═══ DATA TO PROCESS ═══

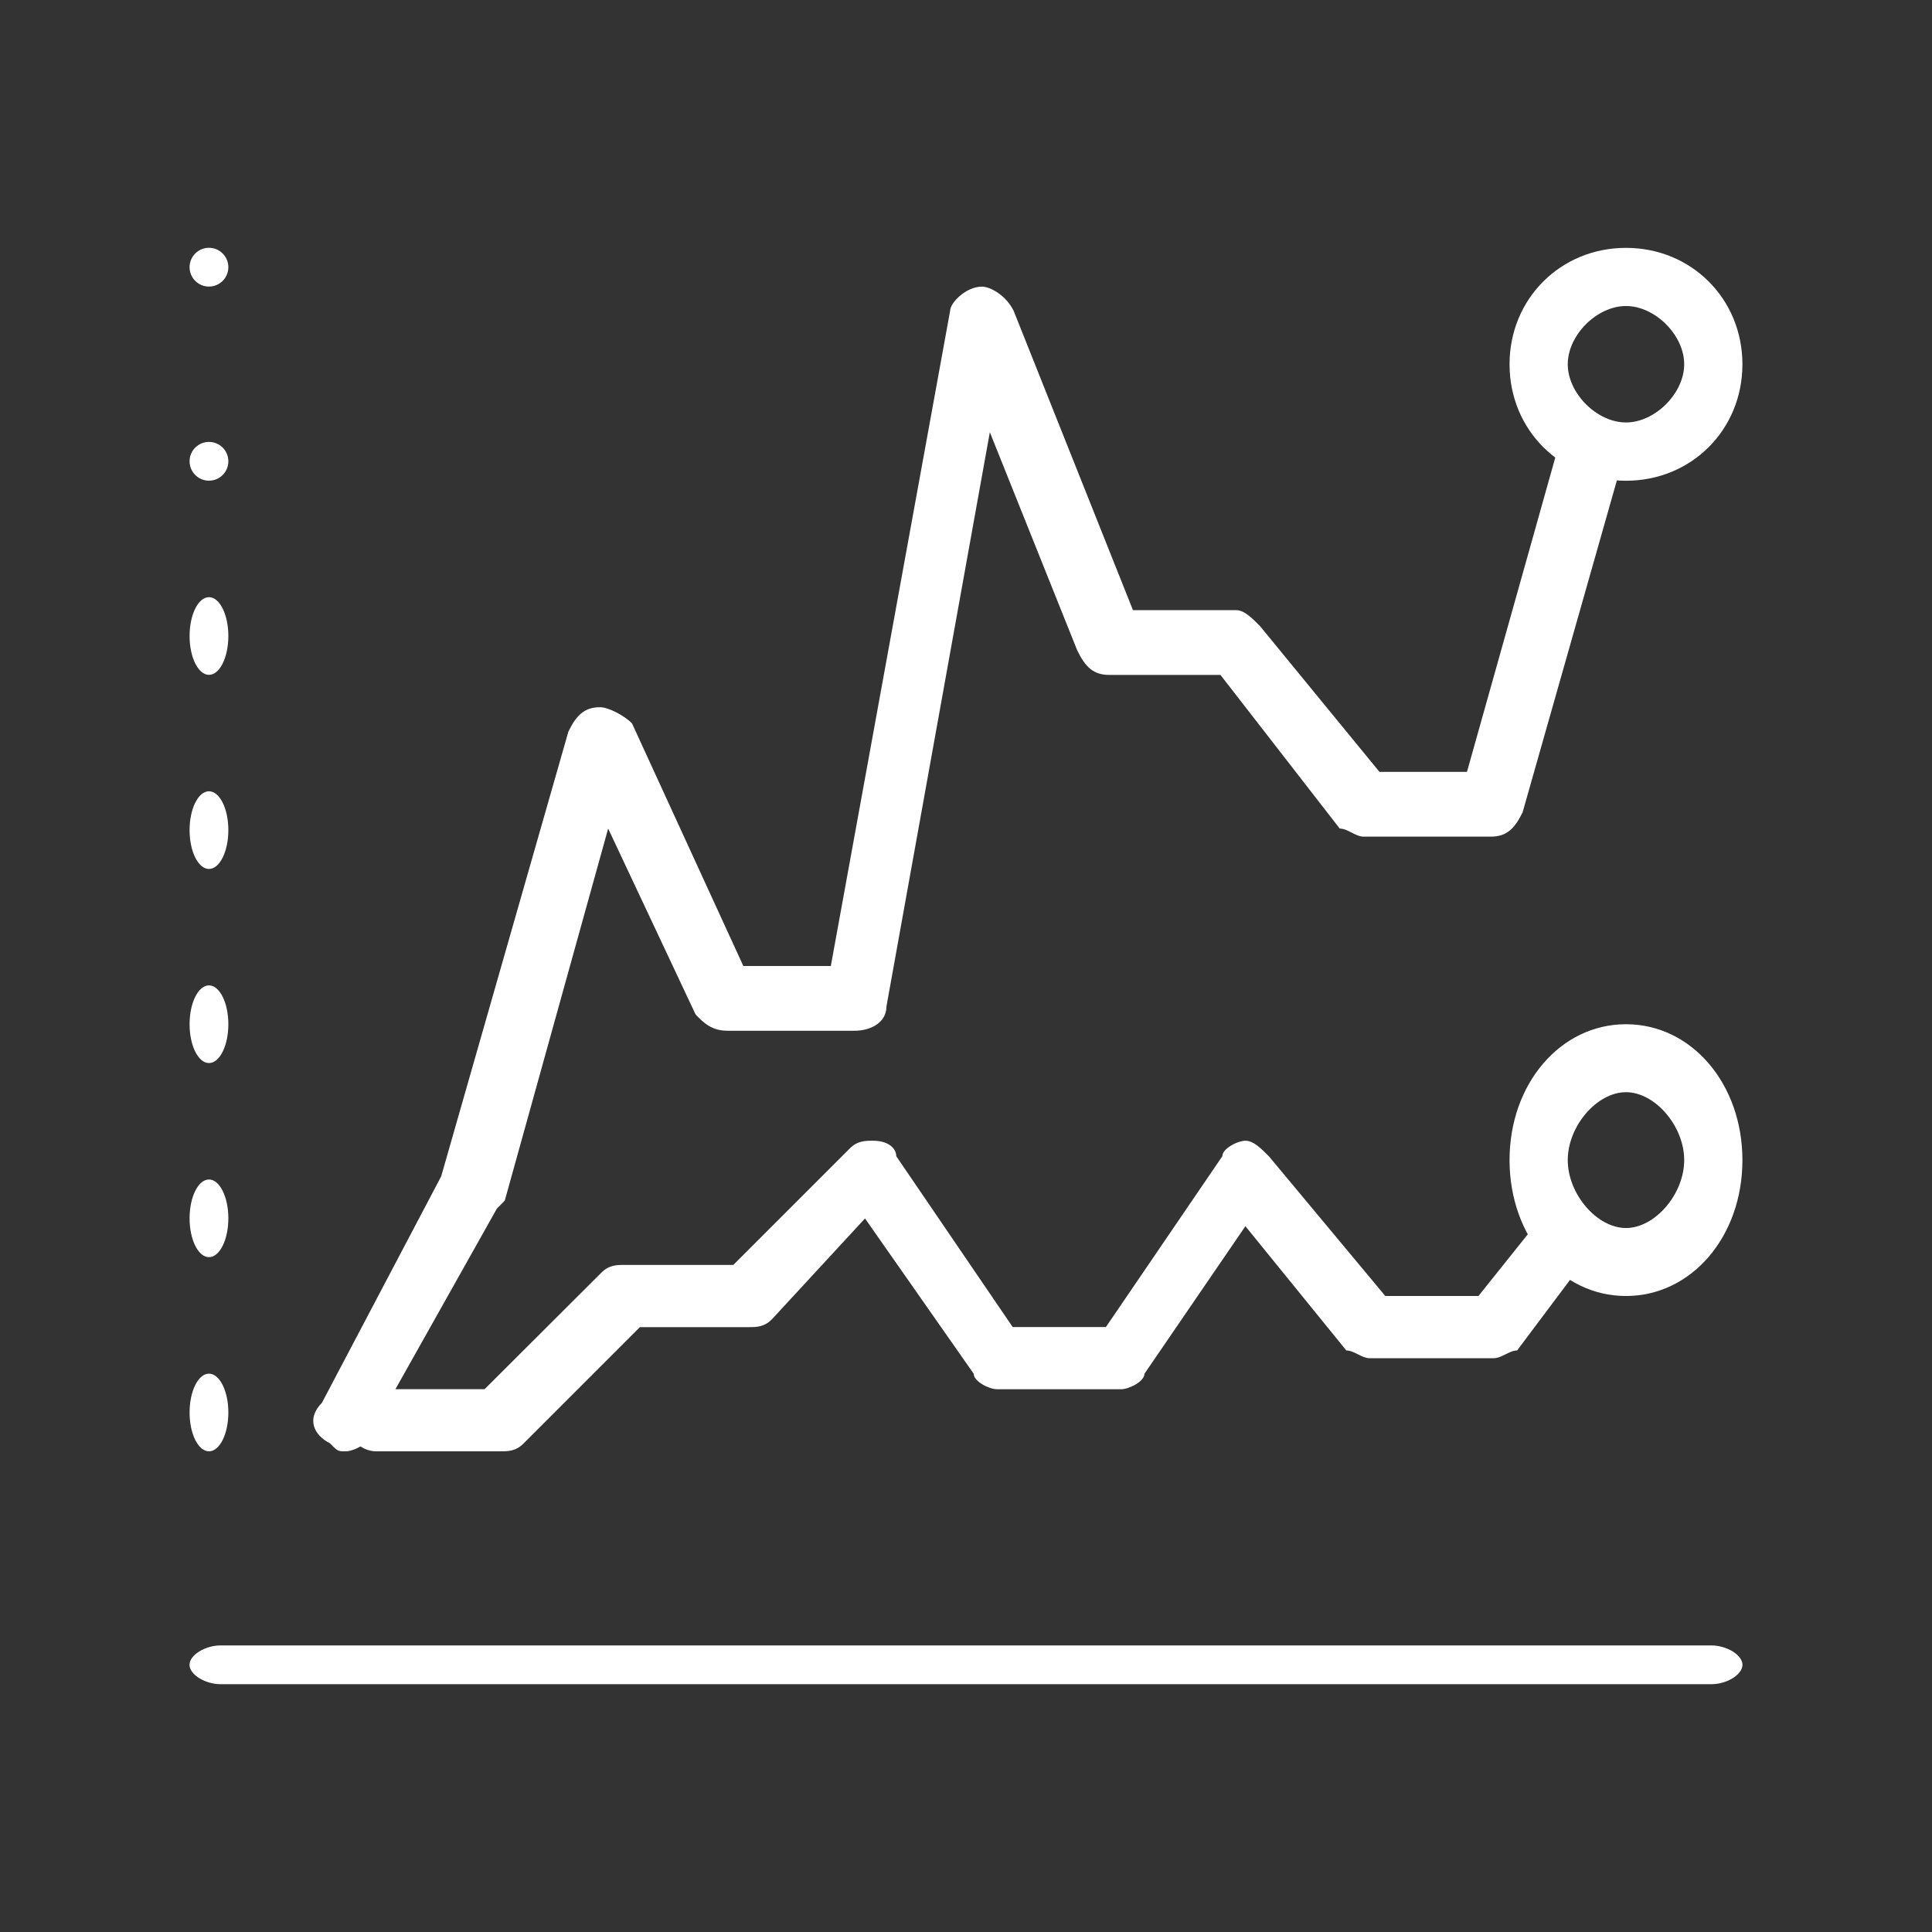 <?xml version="1.0" encoding="utf-8"?>
<!-- Generator: Adobe Illustrator 24.2.3, SVG Export Plug-In . SVG Version: 6.00 Build 0)  -->
<svg version="1.1" id="Layer_1" xmlns="http://www.w3.org/2000/svg" xmlns:xlink="http://www.w3.org/1999/xlink" x="0px" y="0px"
	 viewBox="0 0 299 299" style="enable-background:new 0 0 299 299;" xml:space="preserve">
<rect x="0" y="0" width="299" height="299" fill="#333333" stroke="none"/>
<style type="text/css">
	.st0{fill-rule:evenodd;clip-rule:evenodd;fill:#FFFFFF;}
	.st1{fill:#FFFFFF;}
</style>
<path class="st0" d="M264.86,260.65c-230.72,0-230.72,0-230.72,0c-2.4,0-4.81-1.5-4.81-3c0-1.5,2.4-3,4.81-3
	c230.72,0,230.72,0,230.72,0c2.4,0,4.81,1.5,4.81,3C269.67,259.15,267.26,260.65,264.86,260.65z"/>
<ellipse class="st1" cx="32.34" cy="218.6" rx="3" ry="6.01"/>
<ellipse class="st1" cx="32.34" cy="188.55" rx="3" ry="6.01"/>
<ellipse class="st1" cx="32.34" cy="158.51" rx="3" ry="6.01"/>
<ellipse class="st1" cx="32.34" cy="128.47" rx="3" ry="6.01"/>
<ellipse class="st1" cx="32.34" cy="98.43" rx="3" ry="6.01"/>
<circle class="st1" cx="32.34" cy="71.39" r="3"/>
<circle class="st1" cx="32.34" cy="41.35" r="3"/>
<path class="st0" d="M250.41,69.39c-3.69,0-6.15-1.25-8.61-2.5c-14.77,52.57-14.77,52.57-14.77,52.57c-13.54,0-13.54,0-13.54,0
	c-18.46-22.53-18.46-22.53-18.46-22.53c-1.23-1.25-2.46-2.5-3.69-2.5c-16,0-16,0-16,0c-18.46-46.31-18.46-46.31-18.46-46.31
	c-1.23-2.5-3.69-3.76-4.92-3.76c-2.46,0-4.92,2.5-4.92,3.76C128.58,149.5,128.58,149.5,128.58,149.5c-13.54,0-13.54,0-13.54,0
	c-17.23-37.55-17.23-37.55-17.23-37.55c-1.23-1.25-3.69-2.5-4.92-2.5c-2.46,0-3.69,1.25-4.92,3.76
	c-19.69,68.84-19.69,68.84-19.69,68.84c-18.46,35.05-18.46,35.05-18.46,35.05c-2.46,2.5-1.23,5.01,1.23,6.26
	c1.23,1.25,1.23,1.25,2.46,1.25c1.23,0,3.69-1.25,3.69-2.5c19.69-35.05,19.69-35.05,19.69-35.05c1.23-1.25,1.23-1.25,1.23-1.25
	c16-57.58,16-57.58,16-57.58c13.54,28.79,13.54,28.79,13.54,28.79c1.23,1.25,2.46,2.5,4.92,2.5c19.69,0,19.69,0,19.69,0
	c2.46,0,4.92-1.25,4.92-3.76c16-88.87,16-88.87,16-88.87c13.54,33.8,13.54,33.8,13.54,33.8c1.23,2.5,2.46,3.76,4.92,3.76
	c17.23,0,17.23,0,17.23,0c18.46,23.78,18.46,23.78,18.46,23.78c1.23,0,2.46,1.25,3.69,1.25c19.69,0,19.69,0,19.69,0
	c2.46,0,3.69-1.25,4.92-3.76c16-56.33,16-56.33,16-56.33H250.41z"/>
<path class="st0" d="M251.64,47.36c-4.51,0-9.01,4.51-9.01,9.01s4.51,9.01,9.01,9.01s9.01-4.51,9.01-9.01S256.15,47.36,251.64,47.36
	z M251.64,74.4c-10.14,0-18.02-7.89-18.02-18.02s7.89-18.02,18.02-18.02s18.02,7.89,18.02,18.02S261.78,74.4,251.64,74.4z"/>
<path class="st0" d="M238.42,188.55c-9.61,12.02-9.61,12.02-9.61,12.02c-14.42,0-14.42,0-14.42,0
	c-18.02-21.63-18.02-21.63-18.02-21.63c-1.2-1.2-2.4-2.4-3.6-2.4c-1.2,0-3.6,1.2-3.6,2.4c-18.02,26.44-18.02,26.44-18.02,26.44
	c-14.42,0-14.42,0-14.42,0c-18.02-26.44-18.02-26.44-18.02-26.44c0-1.2-1.2-2.4-3.6-2.4c-1.2,0-2.4,0-3.6,1.2
	c-18.02,18.02-18.02,18.02-18.02,18.02c-16.82,0-16.82,0-16.82,0c-1.2,0-2.4,0-3.6,1.2C75,214.99,75,214.99,75,214.99
	c-16.82,0-16.82,0-16.82,0c-2.4,0-4.81,2.4-4.81,4.81s2.4,4.81,4.81,4.81c19.23,0,19.23,0,19.23,0c1.2,0,2.4,0,3.6-1.2
	c18.02-18.02,18.02-18.02,18.02-18.02c16.82,0,16.82,0,16.82,0c1.2,0,2.4,0,3.6-1.2c14.42-15.62,14.42-15.62,14.42-15.62
	c16.82,24.03,16.82,24.03,16.82,24.03c0,1.2,2.4,2.4,3.6,2.4c19.23,0,19.23,0,19.23,0c1.2,0,3.6-1.2,3.6-2.4
	c15.62-22.83,15.62-22.83,15.62-22.83c15.62,19.23,15.62,19.23,15.62,19.23c1.2,0,2.4,1.2,3.6,1.2c19.23,0,19.23,0,19.23,0
	c1.2,0,2.4-1.2,3.6-1.2c10.81-14.42,10.81-14.42,10.81-14.42C242.03,193.36,239.62,192.16,238.42,188.55z"/>
<path class="st0" d="M251.64,169.03c-4.51,0-9.01,5.26-9.01,10.51s4.51,10.51,9.01,10.51s9.01-5.26,9.01-10.51
	S256.15,169.03,251.64,169.03z M251.64,200.57c-10.14,0-18.02-9.2-18.02-21.03c0-11.83,7.89-21.03,18.02-21.03
	s18.02,9.2,18.02,21.03C269.67,191.37,261.78,200.57,251.64,200.57z"/>
</svg>

═══

**WHAT YOU NEED TO DO**: Give the listing again exactly, but omit each image.

**ANSWER TO THIS PROBLEM**:
 <?xml version="1.0" encoding="utf-8"?>
<!-- Generator: Adobe Illustrator 24.2.3, SVG Export Plug-In . SVG Version: 6.00 Build 0)  -->
<svg version="1.1" id="Layer_1" xmlns="http://www.w3.org/2000/svg" xmlns:xlink="http://www.w3.org/1999/xlink" x="0px" y="0px"
	 viewBox="0 0 299 299" style="enable-background:new 0 0 299 299;" xml:space="preserve">
<rect x="0" y="0" width="299" height="299" fill="#333333" stroke="none"/>
<style type="text/css">
	.st0{fill-rule:evenodd;clip-rule:evenodd;fill:#FFFFFF;}
	.st1{fill:#FFFFFF;}
</style>
<path class="st0" d="M264.86,260.65c-230.72,0-230.72,0-230.72,0c-2.4,0-4.81-1.5-4.81-3c0-1.5,2.4-3,4.81-3
	c230.72,0,230.72,0,230.72,0c2.4,0,4.81,1.5,4.81,3C269.67,259.15,267.26,260.65,264.86,260.65z"/>
<ellipse class="st1" cx="32.34" cy="218.6" rx="3" ry="6.01"/>
<ellipse class="st1" cx="32.34" cy="188.55" rx="3" ry="6.01"/>
<ellipse class="st1" cx="32.34" cy="158.51" rx="3" ry="6.01"/>
<ellipse class="st1" cx="32.34" cy="128.47" rx="3" ry="6.01"/>
<ellipse class="st1" cx="32.34" cy="98.43" rx="3" ry="6.01"/>
<circle class="st1" cx="32.34" cy="71.39" r="3"/>
<circle class="st1" cx="32.34" cy="41.35" r="3"/>
<path class="st0" d="M250.41,69.39c-3.69,0-6.15-1.25-8.61-2.5c-14.77,52.57-14.77,52.57-14.77,52.57c-13.54,0-13.54,0-13.54,0
	c-18.46-22.53-18.46-22.53-18.46-22.53c-1.23-1.25-2.46-2.5-3.69-2.5c-16,0-16,0-16,0c-18.46-46.31-18.46-46.31-18.46-46.31
	c-1.23-2.5-3.69-3.76-4.92-3.76c-2.46,0-4.92,2.5-4.92,3.76C128.58,149.5,128.58,149.5,128.58,149.5c-13.54,0-13.54,0-13.54,0
	c-17.23-37.55-17.23-37.55-17.23-37.55c-1.23-1.25-3.69-2.5-4.92-2.5c-2.46,0-3.69,1.25-4.92,3.76
	c-19.69,68.84-19.69,68.84-19.69,68.84c-18.46,35.05-18.46,35.05-18.46,35.05c-2.46,2.5-1.23,5.01,1.23,6.26
	c1.23,1.25,1.23,1.25,2.46,1.25c1.23,0,3.69-1.25,3.69-2.5c19.69-35.05,19.69-35.05,19.69-35.05c1.23-1.25,1.23-1.25,1.23-1.25
	c16-57.58,16-57.58,16-57.58c13.54,28.79,13.54,28.79,13.54,28.79c1.23,1.25,2.46,2.5,4.92,2.5c19.69,0,19.69,0,19.69,0
	c2.46,0,4.92-1.25,4.92-3.76c16-88.87,16-88.87,16-88.87c13.54,33.8,13.54,33.8,13.54,33.8c1.23,2.5,2.46,3.76,4.92,3.76
	c17.23,0,17.23,0,17.23,0c18.46,23.78,18.46,23.78,18.46,23.78c1.23,0,2.46,1.25,3.69,1.25c19.69,0,19.69,0,19.69,0
	c2.46,0,3.69-1.25,4.92-3.76c16-56.33,16-56.33,16-56.33H250.41z"/>
<path class="st0" d="M251.64,47.36c-4.51,0-9.01,4.51-9.01,9.01s4.51,9.01,9.01,9.01s9.01-4.51,9.01-9.01S256.15,47.36,251.64,47.36
	z M251.64,74.4c-10.14,0-18.02-7.89-18.02-18.02s7.89-18.02,18.02-18.02s18.02,7.89,18.02,18.02S261.78,74.4,251.64,74.4z"/>
<path class="st0" d="M238.42,188.55c-9.61,12.02-9.61,12.02-9.61,12.02c-14.42,0-14.42,0-14.42,0
	c-18.02-21.63-18.02-21.63-18.02-21.63c-1.2-1.2-2.4-2.4-3.6-2.4c-1.2,0-3.6,1.2-3.6,2.4c-18.02,26.44-18.02,26.44-18.02,26.44
	c-14.42,0-14.42,0-14.42,0c-18.02-26.44-18.02-26.44-18.02-26.44c0-1.2-1.2-2.4-3.6-2.4c-1.2,0-2.4,0-3.6,1.2
	c-18.02,18.02-18.02,18.02-18.02,18.02c-16.82,0-16.82,0-16.82,0c-1.2,0-2.4,0-3.6,1.2C75,214.99,75,214.99,75,214.99
	c-16.82,0-16.82,0-16.82,0c-2.4,0-4.81,2.4-4.81,4.81s2.4,4.81,4.81,4.81c19.23,0,19.23,0,19.23,0c1.2,0,2.4,0,3.6-1.2
	c18.02-18.02,18.02-18.02,18.02-18.02c16.82,0,16.82,0,16.82,0c1.2,0,2.4,0,3.6-1.2c14.42-15.62,14.42-15.62,14.42-15.62
	c16.82,24.03,16.82,24.03,16.82,24.03c0,1.2,2.4,2.4,3.6,2.4c19.23,0,19.23,0,19.23,0c1.2,0,3.6-1.2,3.6-2.4
	c15.62-22.83,15.62-22.83,15.62-22.83c15.62,19.23,15.62,19.23,15.62,19.23c1.2,0,2.4,1.2,3.6,1.2c19.23,0,19.23,0,19.23,0
	c1.2,0,2.4-1.2,3.6-1.2c10.81-14.42,10.81-14.42,10.81-14.42C242.03,193.36,239.62,192.16,238.42,188.55z"/>
<path class="st0" d="M251.64,169.03c-4.51,0-9.01,5.26-9.01,10.51s4.51,10.51,9.01,10.51s9.01-5.26,9.01-10.51
	S256.15,169.03,251.64,169.03z M251.64,200.57c-10.14,0-18.02-9.2-18.02-21.03c0-11.83,7.89-21.03,18.02-21.03
	s18.02,9.2,18.02,21.03C269.67,191.37,261.78,200.57,251.64,200.57z"/>
</svg>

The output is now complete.